Problem statement
From the records below, state how many lines hold the string "metal", without any other text.

Start of Block

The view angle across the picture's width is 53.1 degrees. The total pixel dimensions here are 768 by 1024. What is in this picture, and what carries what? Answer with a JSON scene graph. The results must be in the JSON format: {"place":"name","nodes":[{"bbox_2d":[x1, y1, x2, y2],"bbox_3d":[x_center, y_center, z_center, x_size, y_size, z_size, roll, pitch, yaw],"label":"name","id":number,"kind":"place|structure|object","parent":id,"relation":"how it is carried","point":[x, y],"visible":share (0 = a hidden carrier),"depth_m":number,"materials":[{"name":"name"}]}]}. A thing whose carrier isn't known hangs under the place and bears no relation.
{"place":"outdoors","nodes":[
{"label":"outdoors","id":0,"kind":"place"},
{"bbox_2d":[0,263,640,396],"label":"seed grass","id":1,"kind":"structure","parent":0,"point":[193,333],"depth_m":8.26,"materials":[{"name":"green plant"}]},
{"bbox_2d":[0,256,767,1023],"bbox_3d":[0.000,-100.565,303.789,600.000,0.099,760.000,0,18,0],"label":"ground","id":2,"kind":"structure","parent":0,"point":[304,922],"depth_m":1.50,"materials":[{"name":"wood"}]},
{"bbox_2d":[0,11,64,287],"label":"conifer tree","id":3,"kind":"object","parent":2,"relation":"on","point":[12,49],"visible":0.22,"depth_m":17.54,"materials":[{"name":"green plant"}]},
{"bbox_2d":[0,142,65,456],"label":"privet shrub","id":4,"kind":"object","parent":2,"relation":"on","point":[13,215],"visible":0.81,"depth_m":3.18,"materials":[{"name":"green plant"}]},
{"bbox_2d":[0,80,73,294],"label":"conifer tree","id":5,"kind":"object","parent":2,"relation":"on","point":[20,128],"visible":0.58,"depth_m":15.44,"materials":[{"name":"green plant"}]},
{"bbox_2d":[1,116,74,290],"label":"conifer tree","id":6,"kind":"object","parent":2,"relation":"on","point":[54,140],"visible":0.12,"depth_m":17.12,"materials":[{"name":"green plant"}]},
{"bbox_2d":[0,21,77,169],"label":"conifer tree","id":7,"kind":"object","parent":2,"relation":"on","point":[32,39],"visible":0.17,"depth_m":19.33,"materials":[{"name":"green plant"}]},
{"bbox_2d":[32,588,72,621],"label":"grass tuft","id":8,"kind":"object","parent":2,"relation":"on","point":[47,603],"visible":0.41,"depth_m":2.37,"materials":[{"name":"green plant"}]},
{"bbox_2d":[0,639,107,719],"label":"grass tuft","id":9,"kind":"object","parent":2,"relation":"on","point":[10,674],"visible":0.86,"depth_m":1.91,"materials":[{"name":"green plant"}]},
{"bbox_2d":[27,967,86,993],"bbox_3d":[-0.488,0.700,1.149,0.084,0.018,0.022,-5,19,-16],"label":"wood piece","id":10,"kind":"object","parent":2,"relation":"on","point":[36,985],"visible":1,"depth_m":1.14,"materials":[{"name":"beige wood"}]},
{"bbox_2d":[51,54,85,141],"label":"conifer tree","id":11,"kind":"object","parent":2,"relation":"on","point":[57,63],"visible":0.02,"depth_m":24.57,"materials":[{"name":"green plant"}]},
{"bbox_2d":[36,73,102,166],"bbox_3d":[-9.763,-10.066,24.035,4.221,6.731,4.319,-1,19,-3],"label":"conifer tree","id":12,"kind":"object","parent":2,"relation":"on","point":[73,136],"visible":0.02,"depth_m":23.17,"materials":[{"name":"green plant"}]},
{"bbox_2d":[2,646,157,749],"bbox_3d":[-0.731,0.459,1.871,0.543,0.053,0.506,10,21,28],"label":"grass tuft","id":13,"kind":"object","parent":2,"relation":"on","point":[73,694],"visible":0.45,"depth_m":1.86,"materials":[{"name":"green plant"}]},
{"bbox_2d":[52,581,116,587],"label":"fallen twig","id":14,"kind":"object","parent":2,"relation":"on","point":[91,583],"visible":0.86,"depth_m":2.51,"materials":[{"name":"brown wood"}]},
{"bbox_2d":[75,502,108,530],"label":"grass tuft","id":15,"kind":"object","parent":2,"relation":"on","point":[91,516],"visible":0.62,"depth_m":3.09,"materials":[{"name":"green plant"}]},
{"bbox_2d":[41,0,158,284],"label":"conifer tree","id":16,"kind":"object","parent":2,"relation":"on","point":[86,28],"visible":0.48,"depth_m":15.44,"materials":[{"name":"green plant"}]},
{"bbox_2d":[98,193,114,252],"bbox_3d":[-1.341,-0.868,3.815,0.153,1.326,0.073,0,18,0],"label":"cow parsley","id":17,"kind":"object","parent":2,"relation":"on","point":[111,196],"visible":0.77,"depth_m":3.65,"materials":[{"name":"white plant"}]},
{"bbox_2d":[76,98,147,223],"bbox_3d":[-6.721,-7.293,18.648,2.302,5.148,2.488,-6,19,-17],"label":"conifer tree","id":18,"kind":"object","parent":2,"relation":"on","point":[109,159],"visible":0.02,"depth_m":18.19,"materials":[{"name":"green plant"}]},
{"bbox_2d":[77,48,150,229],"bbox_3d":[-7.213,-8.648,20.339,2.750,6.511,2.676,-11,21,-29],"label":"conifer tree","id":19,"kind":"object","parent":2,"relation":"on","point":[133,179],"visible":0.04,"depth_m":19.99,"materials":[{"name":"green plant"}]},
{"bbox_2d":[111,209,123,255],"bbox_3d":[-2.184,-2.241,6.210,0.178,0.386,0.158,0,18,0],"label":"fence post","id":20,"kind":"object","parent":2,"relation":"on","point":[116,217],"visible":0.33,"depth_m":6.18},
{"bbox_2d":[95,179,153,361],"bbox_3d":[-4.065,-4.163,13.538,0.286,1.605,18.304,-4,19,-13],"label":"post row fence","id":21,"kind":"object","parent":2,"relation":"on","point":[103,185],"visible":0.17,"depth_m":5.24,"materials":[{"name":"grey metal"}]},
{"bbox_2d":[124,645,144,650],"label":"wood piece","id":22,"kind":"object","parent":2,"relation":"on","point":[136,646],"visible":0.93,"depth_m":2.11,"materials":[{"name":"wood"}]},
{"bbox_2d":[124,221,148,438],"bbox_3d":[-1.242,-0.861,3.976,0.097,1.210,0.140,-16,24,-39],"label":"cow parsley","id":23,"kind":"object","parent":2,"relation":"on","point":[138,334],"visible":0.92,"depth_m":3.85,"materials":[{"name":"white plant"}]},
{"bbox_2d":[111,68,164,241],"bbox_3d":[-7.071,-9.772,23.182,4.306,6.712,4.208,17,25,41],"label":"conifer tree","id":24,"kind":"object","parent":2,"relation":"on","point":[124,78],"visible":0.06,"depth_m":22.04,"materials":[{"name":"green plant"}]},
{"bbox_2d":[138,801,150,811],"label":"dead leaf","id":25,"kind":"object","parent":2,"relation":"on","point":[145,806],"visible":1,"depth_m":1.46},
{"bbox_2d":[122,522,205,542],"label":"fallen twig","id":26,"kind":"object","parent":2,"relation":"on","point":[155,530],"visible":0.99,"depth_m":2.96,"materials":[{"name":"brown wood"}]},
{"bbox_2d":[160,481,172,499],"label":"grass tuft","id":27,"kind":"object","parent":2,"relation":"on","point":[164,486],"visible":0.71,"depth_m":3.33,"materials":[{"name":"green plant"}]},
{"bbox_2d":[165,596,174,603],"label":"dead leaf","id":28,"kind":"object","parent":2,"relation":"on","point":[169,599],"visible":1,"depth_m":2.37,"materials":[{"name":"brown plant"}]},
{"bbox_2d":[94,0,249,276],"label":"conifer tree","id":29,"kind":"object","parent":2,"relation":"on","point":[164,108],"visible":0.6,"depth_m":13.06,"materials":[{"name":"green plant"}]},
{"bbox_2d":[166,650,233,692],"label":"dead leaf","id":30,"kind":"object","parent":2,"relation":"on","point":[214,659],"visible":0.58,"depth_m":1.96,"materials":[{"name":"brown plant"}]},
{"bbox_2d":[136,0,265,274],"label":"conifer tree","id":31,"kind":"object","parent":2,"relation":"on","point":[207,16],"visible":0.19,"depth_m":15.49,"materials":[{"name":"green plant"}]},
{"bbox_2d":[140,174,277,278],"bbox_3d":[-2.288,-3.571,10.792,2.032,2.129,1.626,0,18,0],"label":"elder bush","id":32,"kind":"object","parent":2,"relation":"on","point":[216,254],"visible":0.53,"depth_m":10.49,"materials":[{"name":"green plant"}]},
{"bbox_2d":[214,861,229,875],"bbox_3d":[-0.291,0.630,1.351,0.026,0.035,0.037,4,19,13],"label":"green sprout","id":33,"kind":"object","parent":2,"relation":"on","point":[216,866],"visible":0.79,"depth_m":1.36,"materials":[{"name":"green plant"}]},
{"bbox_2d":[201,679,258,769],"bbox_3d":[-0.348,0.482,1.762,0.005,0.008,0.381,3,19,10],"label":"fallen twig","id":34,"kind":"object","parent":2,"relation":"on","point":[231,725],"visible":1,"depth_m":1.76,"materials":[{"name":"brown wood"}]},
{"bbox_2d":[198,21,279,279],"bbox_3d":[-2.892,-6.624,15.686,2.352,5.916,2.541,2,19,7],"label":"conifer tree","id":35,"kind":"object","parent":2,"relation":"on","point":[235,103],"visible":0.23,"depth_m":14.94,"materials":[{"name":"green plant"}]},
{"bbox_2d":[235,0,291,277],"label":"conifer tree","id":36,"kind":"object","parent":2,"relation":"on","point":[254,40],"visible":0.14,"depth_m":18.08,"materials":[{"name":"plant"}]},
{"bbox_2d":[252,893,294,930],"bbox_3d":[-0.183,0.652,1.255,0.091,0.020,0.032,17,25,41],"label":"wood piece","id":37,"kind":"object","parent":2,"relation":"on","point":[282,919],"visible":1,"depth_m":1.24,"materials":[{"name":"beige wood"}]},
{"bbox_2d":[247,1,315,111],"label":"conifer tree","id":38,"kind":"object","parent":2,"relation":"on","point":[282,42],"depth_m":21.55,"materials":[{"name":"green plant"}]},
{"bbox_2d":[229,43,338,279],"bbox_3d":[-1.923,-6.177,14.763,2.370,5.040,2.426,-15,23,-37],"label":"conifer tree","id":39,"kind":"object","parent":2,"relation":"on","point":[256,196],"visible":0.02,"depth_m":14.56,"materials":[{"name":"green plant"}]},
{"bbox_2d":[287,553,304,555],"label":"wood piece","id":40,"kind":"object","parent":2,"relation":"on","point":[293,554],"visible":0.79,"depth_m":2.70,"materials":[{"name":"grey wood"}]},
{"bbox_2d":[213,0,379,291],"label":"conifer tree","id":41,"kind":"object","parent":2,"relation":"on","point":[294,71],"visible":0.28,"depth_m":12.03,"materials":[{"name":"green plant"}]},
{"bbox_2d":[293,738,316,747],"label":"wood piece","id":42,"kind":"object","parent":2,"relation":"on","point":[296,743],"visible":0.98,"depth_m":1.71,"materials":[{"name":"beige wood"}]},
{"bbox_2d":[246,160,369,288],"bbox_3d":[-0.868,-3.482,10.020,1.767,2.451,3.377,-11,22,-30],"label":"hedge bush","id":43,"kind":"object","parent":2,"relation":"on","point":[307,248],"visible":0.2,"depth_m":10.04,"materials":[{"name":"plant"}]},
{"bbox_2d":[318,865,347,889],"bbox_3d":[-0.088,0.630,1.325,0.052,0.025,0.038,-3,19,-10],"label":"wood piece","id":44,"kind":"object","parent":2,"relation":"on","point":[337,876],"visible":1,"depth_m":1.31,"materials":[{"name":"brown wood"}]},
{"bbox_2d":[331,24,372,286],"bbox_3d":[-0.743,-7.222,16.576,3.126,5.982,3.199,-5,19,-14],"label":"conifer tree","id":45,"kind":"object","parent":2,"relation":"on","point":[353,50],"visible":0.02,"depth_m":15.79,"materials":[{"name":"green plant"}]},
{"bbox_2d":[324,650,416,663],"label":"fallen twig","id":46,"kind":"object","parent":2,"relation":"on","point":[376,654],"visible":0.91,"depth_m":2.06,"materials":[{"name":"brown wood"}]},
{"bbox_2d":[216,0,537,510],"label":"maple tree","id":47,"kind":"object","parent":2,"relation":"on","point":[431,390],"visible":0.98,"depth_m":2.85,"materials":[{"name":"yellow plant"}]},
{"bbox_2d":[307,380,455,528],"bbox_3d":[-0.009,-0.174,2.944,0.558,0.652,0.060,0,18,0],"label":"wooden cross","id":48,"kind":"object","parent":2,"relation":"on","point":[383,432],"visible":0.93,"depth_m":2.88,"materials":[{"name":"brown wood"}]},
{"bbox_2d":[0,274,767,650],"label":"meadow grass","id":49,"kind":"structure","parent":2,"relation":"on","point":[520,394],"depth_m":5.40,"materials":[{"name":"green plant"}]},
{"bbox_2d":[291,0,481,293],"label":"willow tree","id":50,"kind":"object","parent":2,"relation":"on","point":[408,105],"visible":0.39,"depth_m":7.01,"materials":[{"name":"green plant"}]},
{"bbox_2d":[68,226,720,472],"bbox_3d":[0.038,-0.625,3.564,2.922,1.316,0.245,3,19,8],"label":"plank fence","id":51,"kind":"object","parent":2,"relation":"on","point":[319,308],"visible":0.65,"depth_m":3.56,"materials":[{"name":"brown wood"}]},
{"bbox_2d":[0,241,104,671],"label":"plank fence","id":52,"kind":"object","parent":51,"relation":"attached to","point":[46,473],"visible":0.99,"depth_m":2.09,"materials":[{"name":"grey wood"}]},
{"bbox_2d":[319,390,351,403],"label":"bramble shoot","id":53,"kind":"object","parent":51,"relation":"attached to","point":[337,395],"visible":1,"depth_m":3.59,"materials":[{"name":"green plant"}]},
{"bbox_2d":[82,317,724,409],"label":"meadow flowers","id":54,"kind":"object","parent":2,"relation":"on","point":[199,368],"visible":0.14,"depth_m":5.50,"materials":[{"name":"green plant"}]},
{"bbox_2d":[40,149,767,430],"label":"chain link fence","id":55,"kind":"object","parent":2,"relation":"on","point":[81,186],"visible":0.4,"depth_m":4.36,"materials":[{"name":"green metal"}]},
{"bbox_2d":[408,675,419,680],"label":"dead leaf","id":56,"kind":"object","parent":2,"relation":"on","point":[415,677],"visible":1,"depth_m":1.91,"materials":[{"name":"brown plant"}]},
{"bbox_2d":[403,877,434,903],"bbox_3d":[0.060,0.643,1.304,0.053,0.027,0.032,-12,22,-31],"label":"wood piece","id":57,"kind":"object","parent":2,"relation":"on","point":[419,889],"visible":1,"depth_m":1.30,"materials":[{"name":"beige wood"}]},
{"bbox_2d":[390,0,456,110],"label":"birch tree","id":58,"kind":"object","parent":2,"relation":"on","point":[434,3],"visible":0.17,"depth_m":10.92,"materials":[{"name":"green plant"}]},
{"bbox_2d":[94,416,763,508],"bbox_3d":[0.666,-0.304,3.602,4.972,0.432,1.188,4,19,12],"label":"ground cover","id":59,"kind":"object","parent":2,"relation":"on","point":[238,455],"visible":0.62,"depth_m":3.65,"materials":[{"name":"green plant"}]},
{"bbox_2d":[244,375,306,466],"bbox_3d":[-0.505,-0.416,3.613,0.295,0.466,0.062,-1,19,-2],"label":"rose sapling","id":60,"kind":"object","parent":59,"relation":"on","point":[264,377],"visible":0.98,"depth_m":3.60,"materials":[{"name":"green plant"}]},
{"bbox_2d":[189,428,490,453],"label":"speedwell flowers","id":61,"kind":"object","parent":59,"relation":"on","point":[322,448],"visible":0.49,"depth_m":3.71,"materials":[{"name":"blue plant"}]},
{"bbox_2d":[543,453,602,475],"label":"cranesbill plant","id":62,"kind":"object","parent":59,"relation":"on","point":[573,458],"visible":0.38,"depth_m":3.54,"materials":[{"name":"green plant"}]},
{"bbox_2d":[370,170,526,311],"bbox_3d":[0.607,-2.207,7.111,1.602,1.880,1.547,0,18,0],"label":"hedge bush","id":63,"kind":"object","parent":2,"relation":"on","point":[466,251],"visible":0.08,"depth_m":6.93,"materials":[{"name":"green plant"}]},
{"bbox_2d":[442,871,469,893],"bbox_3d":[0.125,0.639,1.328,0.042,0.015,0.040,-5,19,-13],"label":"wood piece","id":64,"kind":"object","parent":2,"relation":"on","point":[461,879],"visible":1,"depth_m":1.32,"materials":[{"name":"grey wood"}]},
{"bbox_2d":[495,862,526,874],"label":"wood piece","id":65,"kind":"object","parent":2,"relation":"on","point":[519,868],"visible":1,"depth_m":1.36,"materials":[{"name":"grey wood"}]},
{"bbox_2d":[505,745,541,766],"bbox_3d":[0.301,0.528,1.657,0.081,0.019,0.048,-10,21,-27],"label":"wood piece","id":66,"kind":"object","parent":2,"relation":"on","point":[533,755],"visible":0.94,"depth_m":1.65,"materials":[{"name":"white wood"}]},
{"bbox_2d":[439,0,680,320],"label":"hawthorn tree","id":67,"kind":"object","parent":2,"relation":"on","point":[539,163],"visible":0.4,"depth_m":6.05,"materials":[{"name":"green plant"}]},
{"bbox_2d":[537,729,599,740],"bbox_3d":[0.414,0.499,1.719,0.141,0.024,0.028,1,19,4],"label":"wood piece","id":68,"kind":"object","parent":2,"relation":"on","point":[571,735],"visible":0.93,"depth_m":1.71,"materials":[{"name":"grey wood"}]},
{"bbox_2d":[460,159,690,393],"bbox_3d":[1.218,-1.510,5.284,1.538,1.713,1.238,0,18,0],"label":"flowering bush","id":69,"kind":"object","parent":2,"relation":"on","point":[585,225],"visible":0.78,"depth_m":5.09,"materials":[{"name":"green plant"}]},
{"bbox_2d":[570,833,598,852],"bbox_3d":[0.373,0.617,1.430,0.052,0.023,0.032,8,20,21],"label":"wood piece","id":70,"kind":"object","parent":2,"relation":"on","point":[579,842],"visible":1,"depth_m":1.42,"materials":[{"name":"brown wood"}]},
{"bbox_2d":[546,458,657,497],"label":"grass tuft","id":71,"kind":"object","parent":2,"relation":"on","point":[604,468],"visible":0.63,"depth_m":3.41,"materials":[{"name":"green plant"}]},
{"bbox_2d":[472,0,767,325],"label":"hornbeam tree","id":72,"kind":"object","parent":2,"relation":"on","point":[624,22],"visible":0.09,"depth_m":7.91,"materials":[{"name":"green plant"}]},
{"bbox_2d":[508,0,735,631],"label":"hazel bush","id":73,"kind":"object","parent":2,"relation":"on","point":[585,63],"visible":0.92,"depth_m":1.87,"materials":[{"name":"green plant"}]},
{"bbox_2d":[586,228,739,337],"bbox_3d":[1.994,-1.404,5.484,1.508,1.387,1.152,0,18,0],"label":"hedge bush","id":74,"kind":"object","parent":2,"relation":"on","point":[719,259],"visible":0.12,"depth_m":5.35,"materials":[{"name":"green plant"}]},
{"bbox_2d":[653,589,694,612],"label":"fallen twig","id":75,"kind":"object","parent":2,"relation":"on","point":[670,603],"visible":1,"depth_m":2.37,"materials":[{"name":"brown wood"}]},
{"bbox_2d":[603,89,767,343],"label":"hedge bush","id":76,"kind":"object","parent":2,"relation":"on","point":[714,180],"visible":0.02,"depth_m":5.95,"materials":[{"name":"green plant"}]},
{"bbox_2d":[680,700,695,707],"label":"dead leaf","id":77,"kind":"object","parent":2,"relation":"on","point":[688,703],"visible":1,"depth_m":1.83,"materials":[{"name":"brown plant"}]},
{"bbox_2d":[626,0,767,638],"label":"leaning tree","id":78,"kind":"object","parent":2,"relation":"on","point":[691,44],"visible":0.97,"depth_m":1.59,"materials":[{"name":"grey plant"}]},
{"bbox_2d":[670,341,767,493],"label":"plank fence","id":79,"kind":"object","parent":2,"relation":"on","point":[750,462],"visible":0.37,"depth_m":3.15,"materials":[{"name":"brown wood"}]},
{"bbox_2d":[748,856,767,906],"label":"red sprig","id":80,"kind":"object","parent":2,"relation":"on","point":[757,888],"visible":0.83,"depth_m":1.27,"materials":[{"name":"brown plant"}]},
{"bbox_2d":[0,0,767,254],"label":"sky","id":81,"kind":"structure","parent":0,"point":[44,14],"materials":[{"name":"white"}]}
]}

End of Block

Finished task
2